Study: Parents are monitoring teens online activity, but teens don't believe it

Snapchat - (Photo by Carl Court/Getty Images); Instagram - (Photo by Carl Court/Getty Images); Facebook - (Photo by Carl Court/Getty Images); Twitter - (Photo by Bethany Clarke/Getty Images)

More than a quarter of parents use some sort of a device to monitor their teen kids’ online usage. And the majority of teens don’t believe it.

An online survey conducted by Common Sense Media and SurveyMonkey compiled information from 884 teens ages 14-17 and 3,282 parents of teens. More than half of parents with teens report that they are “extremely” or “very aware” of what their kids are doing online.

Just 15 percent of teens actually believe that their parents monitor their social media usage, while 26 percent of parents say they track, follow and check in with their teens. 

"There’s a pretty big difference between parents who say they know and what kids say parents know," said Michael Robb, director of research for Common Sense Media, according to USA Today.

Routers can be used as a tool to monitor what websites are being visited and there are apps that allow parents to access call longs and text message records. 

"You have to really ask yourself what you think you’re going to learn by covertly monitoring your kid," said Devorah Hunter, author of Screenwise: Helping Kids Thrive (and Survive) In Their Digital World, courtesy of USA Today. "What’s your plan of action if you see something that concerns you?"

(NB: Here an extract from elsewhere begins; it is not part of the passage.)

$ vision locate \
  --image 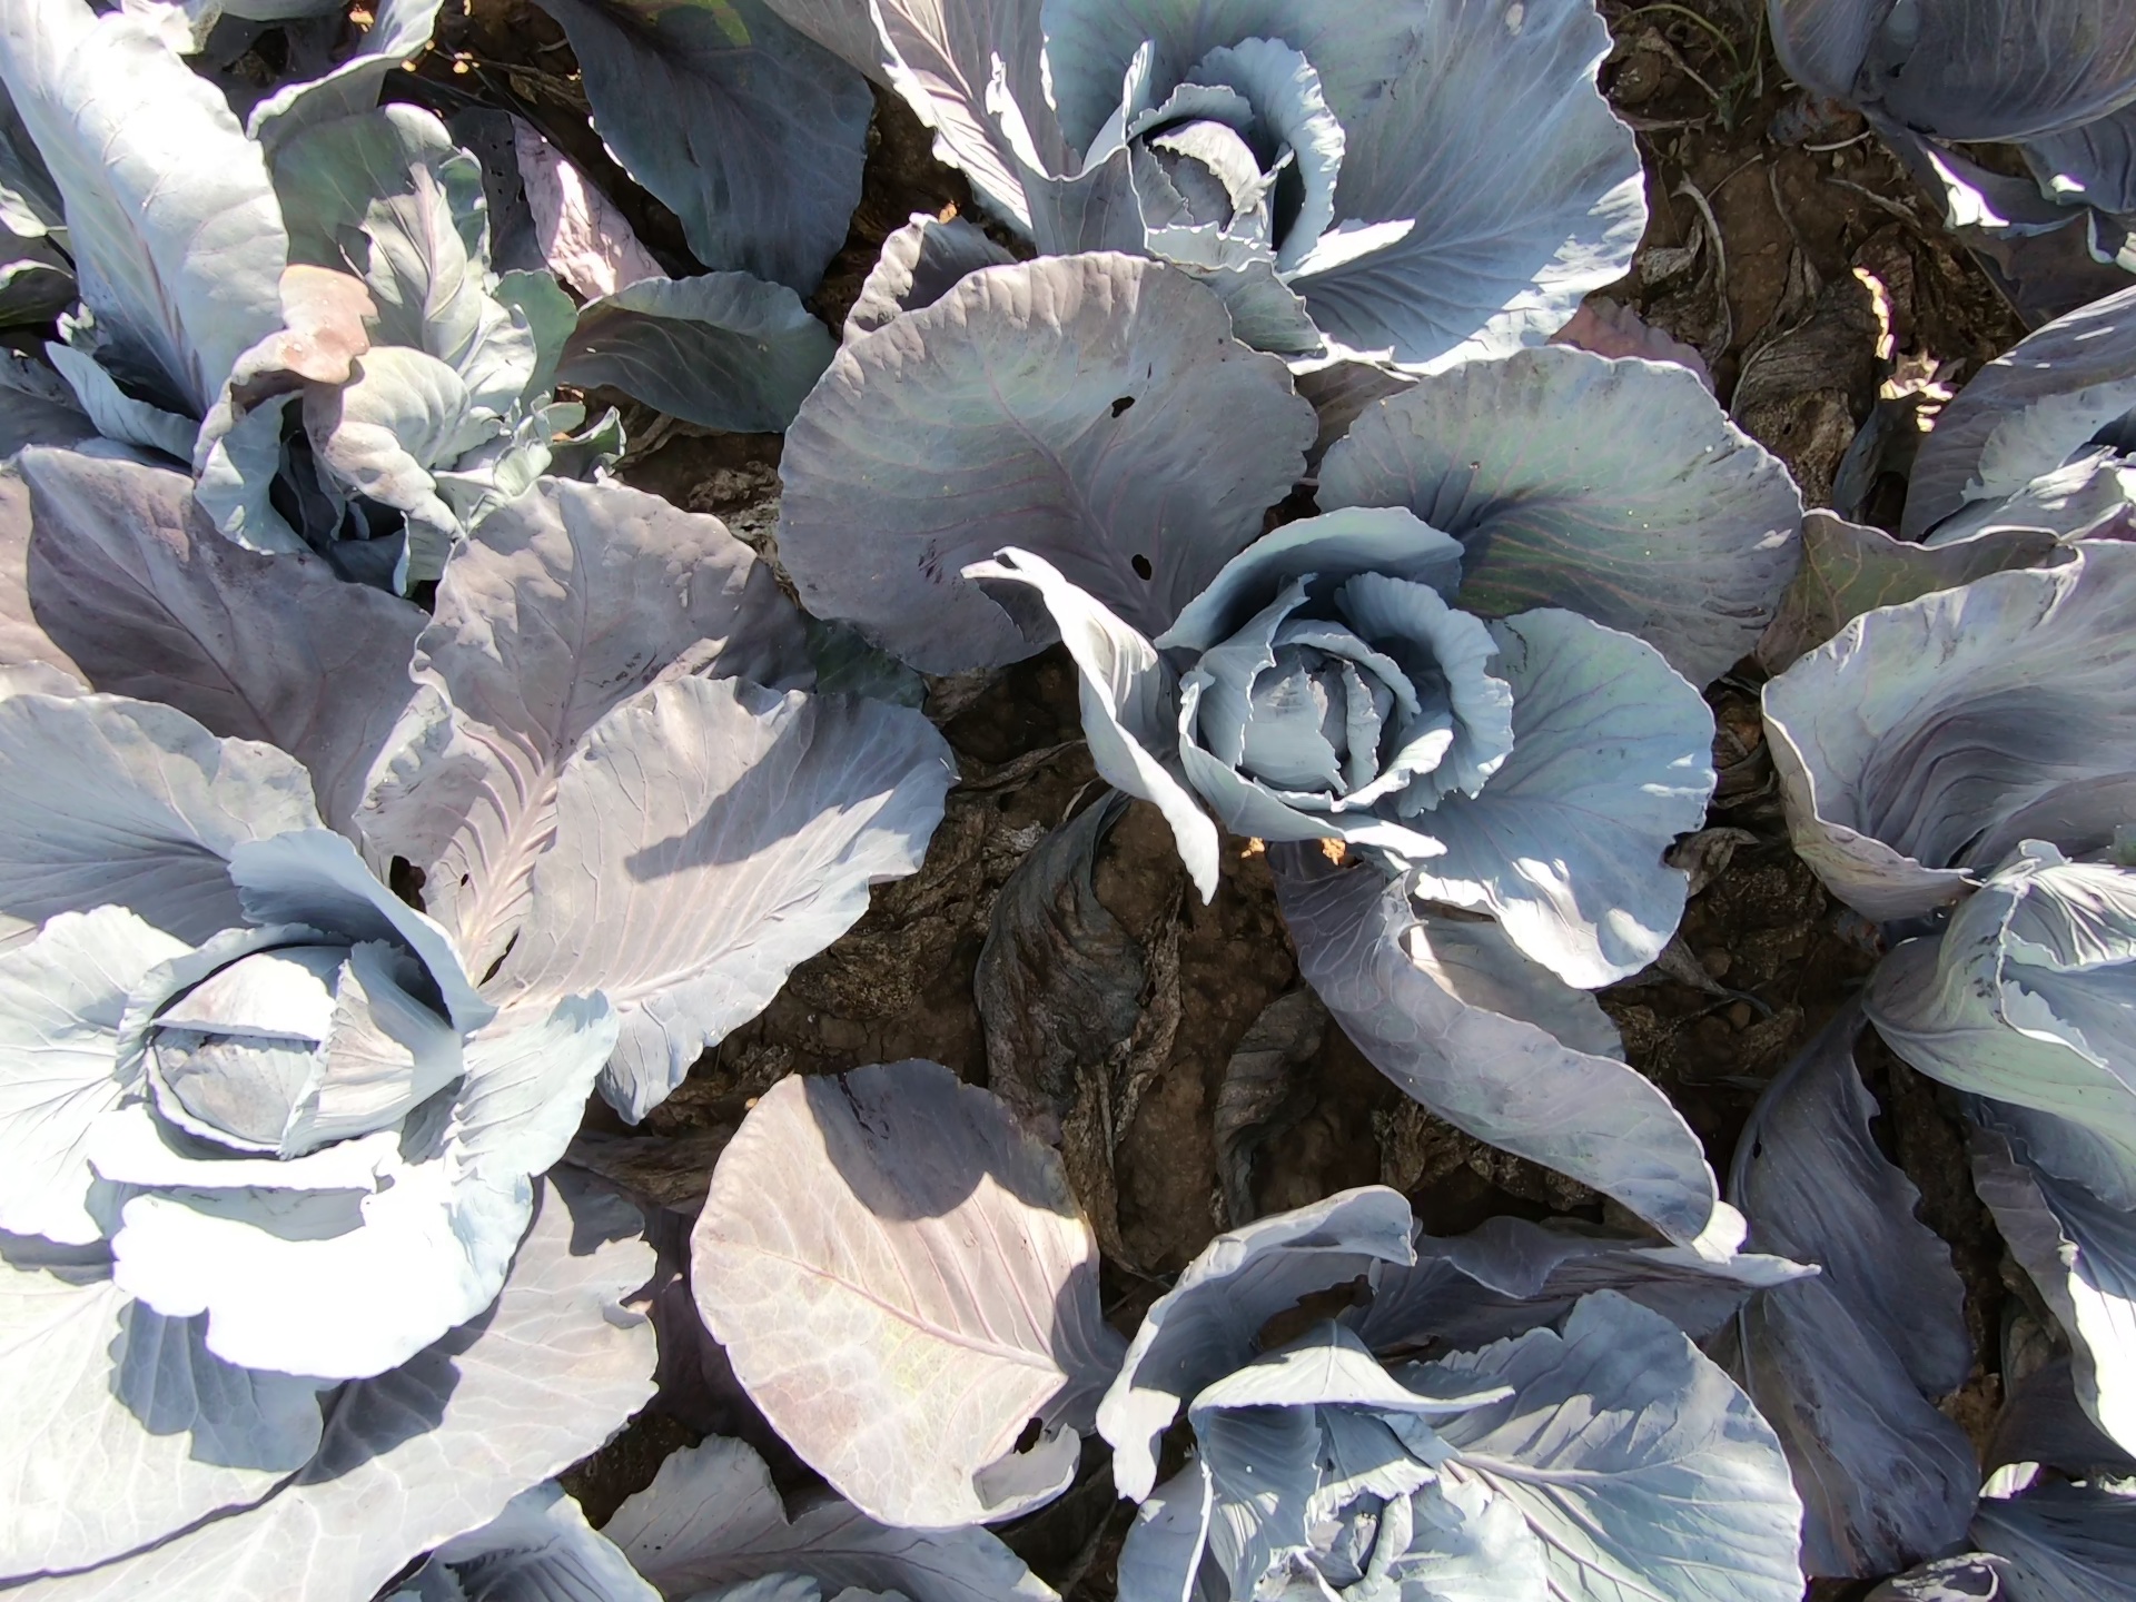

Snapchat is the app parents are most worried about. Whether this is due to photos and videos lasting just seconds, or the disappearing message history, was not included in the study. Nevertheless, the numbers were far higher than Facebook. Twenty-nine percent of parents are concerned about their teens Snapchat usage while just 16 percent were worried about Facebook.

Snapchat and Instagram engagement for teens has surpassed Facebook and Twitter. Three-quarters of teens use Instagram and Snapchat, while only half use Facebook and Twitter. 

What teen children are doing online is not a concern, though, for all parents. Twenty percent say “no apps and websites are concerning.”